Data:
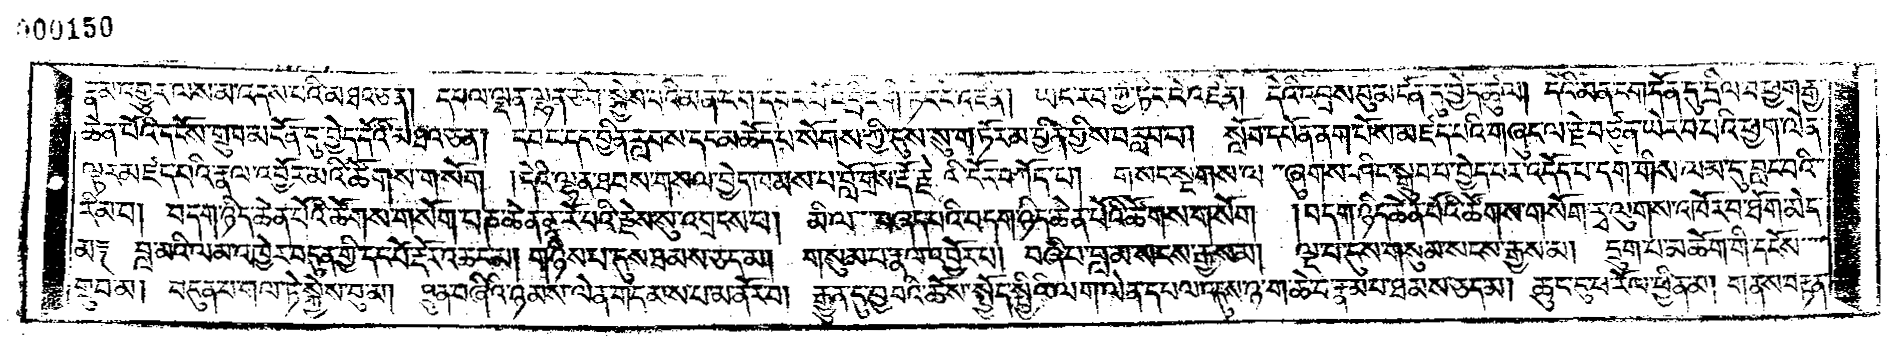རྣམ་འགྱུར་ལས་མ་འདས་པའི་མཐའ་ཅན། དཔལ་ལྡན་ལྷན་ཅིག་སྐྱེས་པའི་མན་ངག་དབང་པོ་འབྲིང་གི་ཏིང་ངེ་འཛིན། ཡང་རབ་ཀྱི་ཏིང་ངེ་འཛིན། དེའི་འབྲས་བུ་མངོན་དུ་བྱེད་ཚུལ། དེའི་མན་ངག་དོན་དུ་དྲིལ་བ་ཕྱག་རྒྱ་
ཆེན་པོའི་དངོས་གྲུབ་མངོན་དུ་བྱེད་དོའི་མཐའ་ཅན། དབང་དང་བྱིན་རླབས་དང་མཆོད་པ་སོགས་ཀྱི་དུས་སུ་གཏོར་མ་བྱིན་གྱིས་བརླབ་པ། སློབ་དཔོན་ནག་པོས་མཛད་པའི་གཞུང་ལ་རྗེ་བཙུན་ཡེར་བ་པའི་ཕྱག་ལེན་
ལྟར་མཛད་པའི་རྣལ་འབྱོར་མའི་ཚོགས་གསོག །དེའི་ལྷན་ཐབས་གསལ་བྱེད་ཁམས་པ་བློ་གྲོས་རྡོ་རྗེའི་ངོར་བཀོད་པ། གསང་སྔགས་ལ་ཞུགས་ཤིང་སྒྲུབ་པ་བྱེད་པར་འདོད་པ་དག་གིས་ལམ་དུ་བླང་བའི་
རིམ་པ། བདག་ཉིད་ཆེན་པོའི་ཚོགས་གསོག་པཎ་ཆེན་ནཱ་རོ་བའི་རྗེས་སུ་འབྲངས་པ། མི་ལ་བཞད་པའི་བདག་ཉིད་ཆེན་པོའི་ཚོགས་གསོག །བདག་ཉིད་ཆེན་པོའི་ཚོགས་གསོག་རྭ་ལུགས་འཁོར་བ་ཐོག་མེད་
མ༑ བླ་མའི་ལམ་འཁྱེར་བདུན་གྱི་དང་པོ་རྡོར་འཆང་མ། གཉིས་པ་དུས་ཐམས་ཅད་མ། གསུམ་པ་རྣལ་འབྱོར་པ། བཞི་པ་བླ་མ་སངས་རྒྱས་མ། ལྔ་པ་དུས་གསུམ་སངས་རྒྱས་མ། དྲུག་པ་མཆོག་གི་དངོས་
གྲུབ་མ། བདུན་པ་གལ་ཏེ་སྐྱེས་བུ་མ། ཐུན་བཞིའི་ཉམས་ལེན་གདམས་པ་མ་ནོར་བ། རྒྱུན་དུ་བྱ་བའི་ཆོས་སྤྱོད་སྤྱིའི་ལག་ལེན་དཔལ་འདུས་ཉ་ག་ཆེ་བ་རྣམ་པ་ཐམས་ཅད་མ། ཆུང་ངུ་ཕ་རོལ་ཕྱིན་མ། གནས་བརྟན་

Task to carry out: Retype each line of the records exactly as it reads; no pictures belong in the copy.

Task output:
རྣམ་འགྱུར་ལས་མ་འདས་པའི་མཐའ་ཅན། དཔལ་ལྡན་ལྷན་ཅིག་སྐྱེས་པའི་མན་ངག་དབང་པོ་འབྲིང་གི་ཏིང་ངེ་འཛིན། ཡང་རབ་ཀྱི་ཏིང་ངེ་འཛིན། དེའི་འབྲས་བུ་མངོན་དུ་བྱེད་ཚུལ། དེའི་མན་ངག་དོན་དུ་དྲིལ་བ་ཕྱག་རྒྱ་
ཆེན་པོའི་དངོས་གྲུབ་མངོན་དུ་བྱེད་དོའི་མཐའ་ཅན། དབང་དང་བྱིན་རླབས་དང་མཆོད་པ་སོགས་ཀྱི་དུས་སུ་གཏོར་མ་བྱིན་གྱིས་བརླབ་པ། སློབ་དཔོན་ནག་པོས་མཛད་པའི་གཞུང་ལ་རྗེ་བཙུན་ཡེར་བ་པའི་ཕྱག་ལེན་
ལྟར་མཛད་པའི་རྣལ་འབྱོར་མའི་ཚོགས་གསོག །དེའི་ལྷན་ཐབས་གསལ་བྱེད་ཁམས་པ་བློ་གྲོས་རྡོ་རྗེའི་ངོར་བཀོད་པ། གསང་སྔགས་ལ་ཞུགས་ཤིང་སྒྲུབ་པ་བྱེད་པར་འདོད་པ་དག་གིས་ལམ་དུ་བླང་བའི་
རིམ་པ། བདག་ཉིད་ཆེན་པོའི་ཚོགས་གསོག་པཎ་ཆེན་ནཱ་རོ་བའི་རྗེས་སུ་འབྲངས་པ། མི་ལ་བཞད་པའི་བདག་ཉིད་ཆེན་པོའི་ཚོགས་གསོག །བདག་ཉིད་ཆེན་པོའི་ཚོགས་གསོག་རྭ་ལུགས་འཁོར་བ་ཐོག་མེད་
མ༑ བླ་མའི་ལམ་འཁྱེར་བདུན་གྱི་དང་པོ་རྡོར་འཆང་མ། གཉིས་པ་དུས་ཐམས་ཅད་མ། གསུམ་པ་རྣལ་འབྱོར་པ། བཞི་པ་བླ་མ་སངས་རྒྱས་མ། ལྔ་པ་དུས་གསུམ་སངས་རྒྱས་མ། དྲུག་པ་མཆོག་གི་དངོས་
གྲུབ་མ། བདུན་པ་གལ་ཏེ་སྐྱེས་བུ་མ། ཐུན་བཞིའི་ཉམས་ལེན་གདམས་པ་མ་ནོར་བ། རྒྱུན་དུ་བྱ་བའི་ཆོས་སྤྱོད་སྤྱིའི་ལག་ལེན་དཔལ་འདུས་ཉ་ག་ཆེ་བ་རྣམ་པ་ཐམས་ཅད་མ། ཆུང་ངུ་ཕ་རོལ་ཕྱིན་མ། གནས་བརྟན་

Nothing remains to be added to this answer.